Towards Generic Deobfuscation of Windows API Calls

Vadim Kotov,Michael Wojnowicz
DOI: https://doi.org/10.48550/arXiv.1802.04466
2020-12-06
Abstract:A common way to get insight into a malicious program's functionality is to look at which API functions it calls. To complicate the reverse engineering of their programs, malware authors deploy API obfuscation techniques, hiding them from analysts' eyes and anti-malware scanners. This problem can be partially addressed by using dynamic analysis; that is, by executing a malware sample in a controlled environment and logging the API calls. However, malware that is aware of virtual machines and sandboxes might terminate without showing any signs of malicious behavior. In this paper, we introduce a static analysis technique allowing generic deobfuscation of Windows API calls. The technique utilizes symbolic execution and hidden Markov models to predict API names from the arguments passed to the API functions. Our best prediction model can correctly identify API names with 87.60% accuracy.
Cryptography and Security,Applications
What problem does this paper attempt to address?

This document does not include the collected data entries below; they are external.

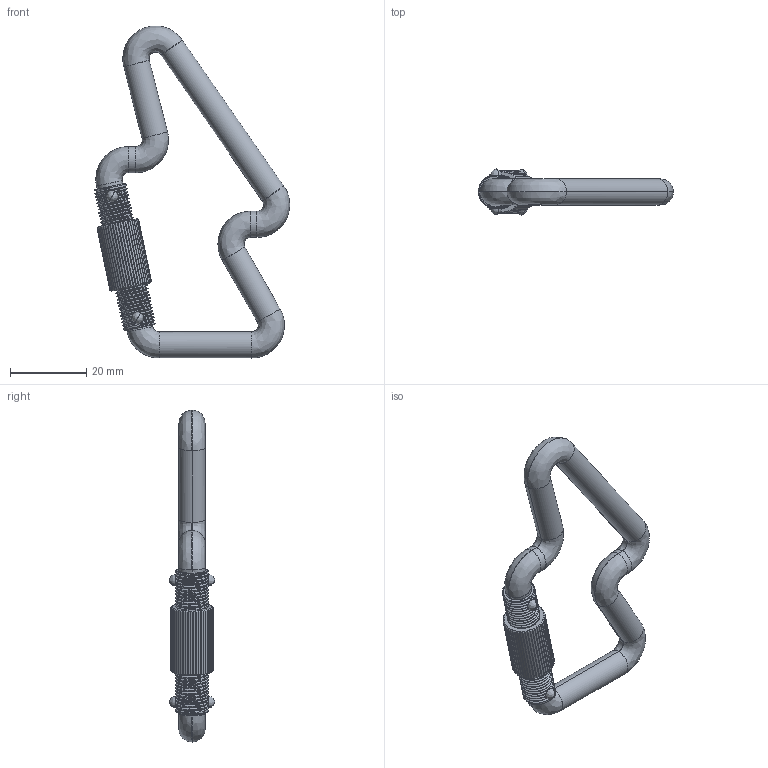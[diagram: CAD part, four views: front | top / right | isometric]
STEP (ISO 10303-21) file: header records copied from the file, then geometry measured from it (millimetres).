
FILE_DESCRIPTION(('FreeCAD Model'),'2;1');
FILE_NAME('Open CASCADE Shape Model','2025-04-25T15:35:09',('FreeCAD'),( 'FreeCAD'),'Open CASCADE STEP processor 7.6','FreeCAD','Unknown');
FILE_SCHEMA(('AUTOMOTIVE_DESIGN { 1 0 10303 214 1 1 1 1 }'));
Products named in the file (1): Open CASCADE STEP translator 7.6 1
Bounding box: 51.37 x 12.04 x 87.29 mm (x, y, z)
Surface area: 8255.1 mm2 (no closed solid volume)
Topology: 0 solids, 506 shells, 506 faces, 5454 edges, 5446 vertices
Faces by surface type: bspline 506
Entity records: 65034 total; most frequent: CARTESIAN_POINT 41357, ORIENTED_EDGE 5446, EDGE_CURVE 5446, VERTEX_POINT 5446, B_SPLINE_CURVE_WITH_KNOTS 4618, FACE_BOUND 524, EDGE_LOOP 524, SHELL_BASED_SURFACE_MODEL 506

The problem that this paper attempts to solve is the obfuscation of API calls in malware. Specifically, in order to increase the difficulty of reverse engineering, malware developers will use various techniques to hide or obfuscate API calls in the program, making it difficult for analysts to directly obtain information about these API calls through static analysis. This poses a challenge to anti - malware scanners and security analysts, because understanding which API functions a malicious program calls can provide important clues about its functionality. To solve this problem, the paper proposes a static analysis technique aimed at achieving general de - obfuscation of Windows API calls. This technique uses symbolic execution and Hidden Markov Models (HMMs) to predict API function names. The specific method is to infer the name of the API function from the parameters passed to the API function, thereby bypassing the obfuscation barriers set by malware authors. The main contribution of the paper lies in developing an automated method that can predict the obfuscated API function names with high accuracy by analyzing the parameters passed during API calls. Experimental results show that, in the case where the number of parameters is known, the prediction accuracy of this method is 73.18%, and in the case where the number of parameters is unknown, the accuracy is increased to 87.60%. This result is of great significance for improving the efficiency and accuracy of malware analysis.